Ya memang sangat disayangkan, apalagi banyak yang lebih percaya diri menggunakan bahasa asing dengan segala macam alasannya. Semoga saja kita semua segera sadar arti pentingnya bahasa Indonesia bagi masa depan bangsa dan negara kita sendiri.
Di Jepang, semua barang-barang yang ingin masuk Jepang harus sudah berbahasa Jepang. Mereka tidak mau rakyatnya dibodohi dengan bahasa asing yang mungkin tidak mereka mengerti. Berbeda sekali dengan indonesia yang mengijinkan semua barang-barang yang masuk dengan bahasa asing. Sehingga masyarakat yang tidak mengerti terbodohi.
Dulu, bahasa Indonesia adalah bahasa penting yang harus dikuasai oleh para diplomat yang ingin berhubungan baik dengan Indonesia. Presiden Soeharto memberikan contoh, walaupun beliau fasih 6 bahasa asing, tetapi terus menggunakan bahasa Indonesia di mana pun dia berada, bahkan dalam forum internasional. Ini adalah salah satu cara diplomatis dalam berpolitik untuk bisa menunjukkan harga diri. Sayang sekali, cara beliau ini tidak dimengerti dan malah dianggap negatif oleh sebagian orang Indonesian sendiri.
Benar sekali Teh.
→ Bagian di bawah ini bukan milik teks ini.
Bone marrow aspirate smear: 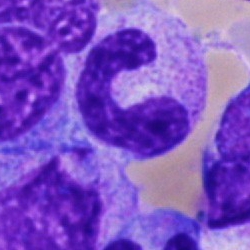

Single cell identified as a band-form neutrophil.

Bahkan dikira Presiden Soeharto tidak bisa berbahasa asing.
tiongkok, ahad, antum?
lol
hahahah
malah tambah kacau saya menulisnya. ahahahaha
btw kalau semunya melek bahsa kata "dibohongi pakai" mungin ga akan heboh yah?
how are you? i guess fine alhamdulliah, makasi
Hahaha.... ya memang saya sendiri bingung jadinya, lucu tapi menyedihkan.